Objective : The purpose of this study was to conduct biomechanical analysis of varying backpack loads on the lower limb movements during downhill walking over $-20^{\circ}$ ramp. Method : Thirteen male university students (age: $23.5{\pm}2.1yrs$, height: $175.7{\pm}4.6cm$, weight: $651.9{\pm}55.5N$) who have no musculoskeletal disorder were recruited as the subjects. Each subject walked over $20^{\circ}$ ramp with four different backpack weights (0%, 10%, 20% and 30% of body weight) in random order at a speed of $1.0{\pm}0.1m/s$. Five digital camcorders and two force plates were used to obtain 3-d data and kinetics of the lower extremity.
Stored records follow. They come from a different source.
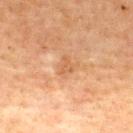Part of a total-body skin-imaging series; this lesion was reviewed on a skin check and was not flagged for biopsy.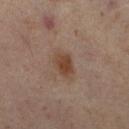Captured during whole-body skin photography for melanoma surveillance; the lesion was not biopsied.
A female subject approximately 40 years of age.
On the right lower leg.
A region of skin cropped from a whole-body photographic capture, roughly 15 mm wide.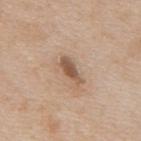Notes:
– notes: no biopsy performed (imaged during a skin exam)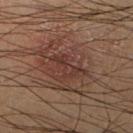A male patient roughly 40 years of age.
On the leg.
A region of skin cropped from a whole-body photographic capture, roughly 15 mm wide.
Captured under cross-polarized illumination.
The recorded lesion diameter is about 3 mm.
The total-body-photography lesion software estimated a footprint of about 3.5 mm², a shape eccentricity near 0.9, and two-axis asymmetry of about 0.4. The software also gave a border-irregularity rating of about 5/10.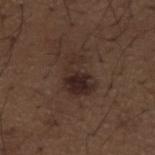| feature | finding |
|---|---|
| notes | catalogued during a skin exam; not biopsied |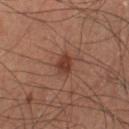<lesion>
<lighting>cross-polarized</lighting>
<automated_metrics>
  <vs_skin_contrast_norm>8.0</vs_skin_contrast_norm>
  <border_irregularity_0_10>2.5</border_irregularity_0_10>
  <color_variation_0_10>2.5</color_variation_0_10>
  <peripheral_color_asymmetry>1.0</peripheral_color_asymmetry>
</automated_metrics>
<site>left lower leg</site>
<image>
  <source>total-body photography crop</source>
  <field_of_view_mm>15</field_of_view_mm>
</image>
<patient>
  <sex>male</sex>
  <age_approx>60</age_approx>
</patient>
<lesion_size>
  <long_diameter_mm_approx>2.5</long_diameter_mm_approx>
</lesion_size>
</lesion>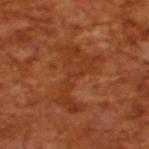| key | value |
|---|---|
| follow-up | catalogued during a skin exam; not biopsied |
| TBP lesion metrics | a border-irregularity rating of about 10/10, a color-variation rating of about 2/10, and radial color variation of about 0.5 |
| image source | ~15 mm crop, total-body skin-cancer survey |
| lesion size | about 7 mm |
| patient | male, about 65 years old |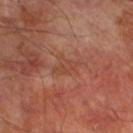The lesion was photographed on a routine skin check and not biopsied; there is no pathology result. An algorithmic analysis of the crop reported an area of roughly 4.5 mm², an eccentricity of roughly 0.8, and two-axis asymmetry of about 0.35. This image is a 15 mm lesion crop taken from a total-body photograph. A male patient aged approximately 70. Imaged with cross-polarized lighting. On the leg.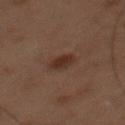Clinical impression: No biopsy was performed on this lesion — it was imaged during a full skin examination and was not determined to be concerning. Clinical summary: Approximately 3 mm at its widest. The subject is a male aged around 60. Cropped from a whole-body photographic skin survey; the tile spans about 15 mm. The lesion is on the mid back. Imaged with cross-polarized lighting.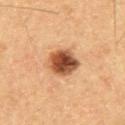Assessment: No biopsy was performed on this lesion — it was imaged during a full skin examination and was not determined to be concerning. Acquisition and patient details: A male patient, aged 58–62. A close-up tile cropped from a whole-body skin photograph, about 15 mm across. The tile uses cross-polarized illumination. An algorithmic analysis of the crop reported an eccentricity of roughly 0.6 and two-axis asymmetry of about 0.1. The analysis additionally found a border-irregularity index near 1/10, internal color variation of about 8 on a 0–10 scale, and peripheral color asymmetry of about 2.5. It also reported a classifier nevus-likeness of about 100/100 and a lesion-detection confidence of about 100/100.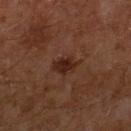A male subject, about 60 years old.
Located on the right lower leg.
A 15 mm crop from a total-body photograph taken for skin-cancer surveillance.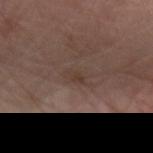Captured during whole-body skin photography for melanoma surveillance; the lesion was not biopsied.
Captured under white-light illumination.
A male subject, aged 63–67.
Located on the left forearm.
A 15 mm close-up tile from a total-body photography series done for melanoma screening.
Longest diameter approximately 2.5 mm.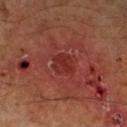Q: What is the imaging modality?
A: ~15 mm tile from a whole-body skin photo
Q: Where on the body is the lesion?
A: the left lower leg
Q: How large is the lesion?
A: ~2.5 mm (longest diameter)
Q: How was the tile lit?
A: cross-polarized
Q: Who is the patient?
A: male, approximately 60 years of age
Q: Automated lesion metrics?
A: a lesion area of about 5.5 mm², an eccentricity of roughly 0.5, and a symmetry-axis asymmetry near 0.2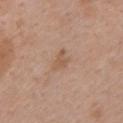Captured during whole-body skin photography for melanoma surveillance; the lesion was not biopsied. Approximately 3 mm at its widest. A roughly 15 mm field-of-view crop from a total-body skin photograph. A female subject, in their 40s. Automated tile analysis of the lesion measured an area of roughly 3.5 mm² and an eccentricity of roughly 0.75. The analysis additionally found a classifier nevus-likeness of about 0/100. Imaged with white-light lighting. The lesion is on the left upper arm.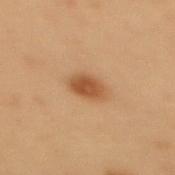– workup — no biopsy performed (imaged during a skin exam)
– lesion size — ≈3.5 mm
– acquisition — 15 mm crop, total-body photography
– lighting — cross-polarized illumination
– body site — the back
– patient — female, about 40 years old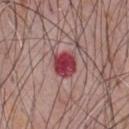Part of a total-body skin-imaging series; this lesion was reviewed on a skin check and was not flagged for biopsy. This is a white-light tile. The patient is a male aged around 60. About 3 mm across. The total-body-photography lesion software estimated an eccentricity of roughly 0.45 and a shape-asymmetry score of about 0.15 (0 = symmetric). And it measured roughly 16 lightness units darker than nearby skin. The analysis additionally found a border-irregularity index near 1.5/10 and a within-lesion color-variation index near 5/10. A region of skin cropped from a whole-body photographic capture, roughly 15 mm wide. From the chest.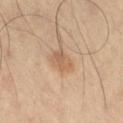Q: Is there a histopathology result?
A: total-body-photography surveillance lesion; no biopsy
Q: What did automated image analysis measure?
A: a symmetry-axis asymmetry near 0.2; an average lesion color of about L≈61 a*≈19 b*≈34 (CIELAB), roughly 8 lightness units darker than nearby skin, and a lesion-to-skin contrast of about 5.5 (normalized; higher = more distinct)
Q: What is the anatomic site?
A: the right thigh
Q: Lesion size?
A: ≈3 mm
Q: What is the imaging modality?
A: ~15 mm crop, total-body skin-cancer survey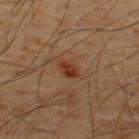notes — no biopsy performed (imaged during a skin exam)
tile lighting — cross-polarized
acquisition — ~15 mm tile from a whole-body skin photo
anatomic site — the upper back
subject — male, aged 53–57
size — about 2.5 mm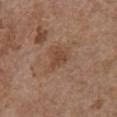  biopsy_status: not biopsied; imaged during a skin examination
  lesion_size:
    long_diameter_mm_approx: 2.5
  site: chest
  image:
    source: total-body photography crop
    field_of_view_mm: 15
  patient:
    sex: female
    age_approx: 65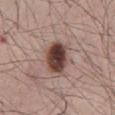{"biopsy_status": "not biopsied; imaged during a skin examination", "image": {"source": "total-body photography crop", "field_of_view_mm": 15}, "site": "abdomen", "patient": {"sex": "male", "age_approx": 60}}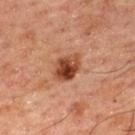The lesion is on the upper back.
A close-up tile cropped from a whole-body skin photograph, about 15 mm across.
A male patient, aged approximately 50.
This is a cross-polarized tile.
Automated image analysis of the tile measured a border-irregularity rating of about 1.5/10 and a peripheral color-asymmetry measure near 2.5.
Approximately 3.5 mm at its widest.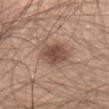Recorded during total-body skin imaging; not selected for excision or biopsy. A female patient approximately 40 years of age. The lesion is on the head or neck. Measured at roughly 4 mm in maximum diameter. This image is a 15 mm lesion crop taken from a total-body photograph. The tile uses white-light illumination. Automated tile analysis of the lesion measured a lesion color around L≈49 a*≈19 b*≈25 in CIELAB and roughly 12 lightness units darker than nearby skin. The analysis additionally found an automated nevus-likeness rating near 75 out of 100 and a detector confidence of about 100 out of 100 that the crop contains a lesion.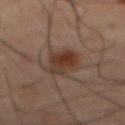<lesion>
<biopsy_status>not biopsied; imaged during a skin examination</biopsy_status>
<automated_metrics>
  <area_mm2_approx>8.0</area_mm2_approx>
  <shape_asymmetry>0.25</shape_asymmetry>
  <cielab_L>25</cielab_L>
  <cielab_a>14</cielab_a>
  <cielab_b>20</cielab_b>
  <vs_skin_darker_L>8.0</vs_skin_darker_L>
  <vs_skin_contrast_norm>9.0</vs_skin_contrast_norm>
  <nevus_likeness_0_100>85</nevus_likeness_0_100>
</automated_metrics>
<site>abdomen</site>
<lighting>cross-polarized</lighting>
<patient>
  <sex>male</sex>
  <age_approx>60</age_approx>
</patient>
<lesion_size>
  <long_diameter_mm_approx>4.5</long_diameter_mm_approx>
</lesion_size>
<image>
  <source>total-body photography crop</source>
  <field_of_view_mm>15</field_of_view_mm>
</image>
</lesion>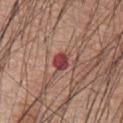The lesion was photographed on a routine skin check and not biopsied; there is no pathology result.
The lesion is on the chest.
A 15 mm close-up tile from a total-body photography series done for melanoma screening.
A male patient aged 58–62.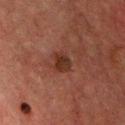Cropped from a whole-body photographic skin survey; the tile spans about 15 mm. The lesion is on the upper back. The recorded lesion diameter is about 2.5 mm. Imaged with cross-polarized lighting. The lesion-visualizer software estimated a lesion area of about 4.5 mm² and an eccentricity of roughly 0.6. The analysis additionally found a mean CIELAB color near L≈25 a*≈19 b*≈23. And it measured border irregularity of about 2.5 on a 0–10 scale, a within-lesion color-variation index near 2.5/10, and a peripheral color-asymmetry measure near 1. It also reported a classifier nevus-likeness of about 35/100 and lesion-presence confidence of about 100/100. A male patient, in their mid-60s.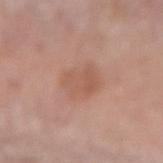The lesion is on the left forearm.
Automated image analysis of the tile measured roughly 6 lightness units darker than nearby skin and a lesion-to-skin contrast of about 5 (normalized; higher = more distinct). It also reported a border-irregularity index near 2/10 and peripheral color asymmetry of about 1.
The subject is a male aged around 70.
Cropped from a whole-body photographic skin survey; the tile spans about 15 mm.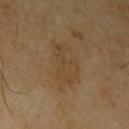The lesion was tiled from a total-body skin photograph and was not biopsied. The lesion is located on the left upper arm. A male patient, aged approximately 70. Longest diameter approximately 5.5 mm. A 15 mm close-up extracted from a 3D total-body photography capture. The tile uses cross-polarized illumination.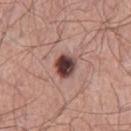Q: Was this lesion biopsied?
A: total-body-photography surveillance lesion; no biopsy
Q: What is the imaging modality?
A: ~15 mm tile from a whole-body skin photo
Q: What is the anatomic site?
A: the left thigh
Q: Patient demographics?
A: male, about 40 years old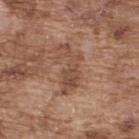Part of a total-body skin-imaging series; this lesion was reviewed on a skin check and was not flagged for biopsy.
Located on the upper back.
A roughly 15 mm field-of-view crop from a total-body skin photograph.
A male patient, in their mid- to late 70s.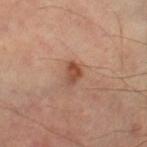Case summary:
- notes · total-body-photography surveillance lesion; no biopsy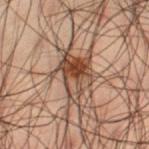Case summary:
– follow-up · total-body-photography surveillance lesion; no biopsy
– body site · the left thigh
– lighting · cross-polarized
– subject · male, in their 50s
– acquisition · ~15 mm tile from a whole-body skin photo
– diameter · about 5 mm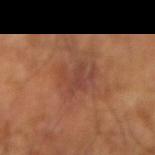Clinical impression: Captured during whole-body skin photography for melanoma surveillance; the lesion was not biopsied. Background: Captured under cross-polarized illumination. A male subject approximately 65 years of age. Approximately 4 mm at its widest. The lesion-visualizer software estimated a border-irregularity index near 5.5/10 and radial color variation of about 1. The software also gave a classifier nevus-likeness of about 0/100. A region of skin cropped from a whole-body photographic capture, roughly 15 mm wide.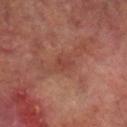{"biopsy_status": "not biopsied; imaged during a skin examination", "patient": {"sex": "male", "age_approx": 70}, "image": {"source": "total-body photography crop", "field_of_view_mm": 15}, "site": "right lower leg", "lesion_size": {"long_diameter_mm_approx": 2.5}}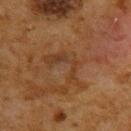workup — total-body-photography surveillance lesion; no biopsy
image — ~15 mm tile from a whole-body skin photo
illumination — cross-polarized illumination
automated metrics — lesion-presence confidence of about 100/100
location — the upper back
lesion diameter — about 6 mm
patient — male, aged 58 to 62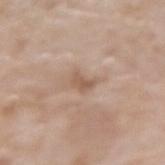No biopsy was performed on this lesion — it was imaged during a full skin examination and was not determined to be concerning. A lesion tile, about 15 mm wide, cut from a 3D total-body photograph. The lesion is located on the right forearm. A female patient approximately 75 years of age. The lesion-visualizer software estimated a border-irregularity rating of about 3.5/10, internal color variation of about 2 on a 0–10 scale, and peripheral color asymmetry of about 1. Imaged with white-light lighting. The lesion's longest dimension is about 2.5 mm.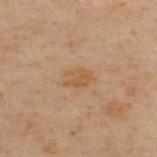Clinical impression: Captured during whole-body skin photography for melanoma surveillance; the lesion was not biopsied. Background: About 3.5 mm across. The tile uses cross-polarized illumination. From the upper back. The patient is a male roughly 50 years of age. Cropped from a whole-body photographic skin survey; the tile spans about 15 mm.

For each trial being analyzed, five critical instants were identified from the video recordings. Ground reaction force, loading rate, decay rate, and resultant joint moment of the ankle and the knee were determined by the inverse dynamics analysis. For each dependent variable, one-way ANOVA with repeated measures was used to determine whether there were significant differences among four different backpack weight conditions (p<.05). When a significant difference was found, post hoc analyses were performed using the contrast procedure. Results : The results of this study showed that the medio-lateral GRFs at RHC in 20% and 30% body weight were significantly greater than the corresponding value in 0% of body weight. A consistent increase in the vertical GRFs as backpack loads increased was observed. The valgus joint movement of the knee at RTO in 30% body weight was significantly greater than the corresponding values in 0% and 10% body weight. The increased valgus moment of 30% body weight observed in this phase was associated with decelerating and stabilizing effects on the knee joint. The results also showed that the extension and valgus joint moments of the knee were systematically affected by the backpack load during downhill walking. Conclusion : Since downhill walking while carrying heavy external loads in a backpack may lead to excessive knee joint moment, damage can occur to the joint structures such as joint capsule and ligaments. Therefore, excessive repetitions of downhill walking should be avoided if the lower extremity is subjected to abnormally high levels of load over an extended period of time.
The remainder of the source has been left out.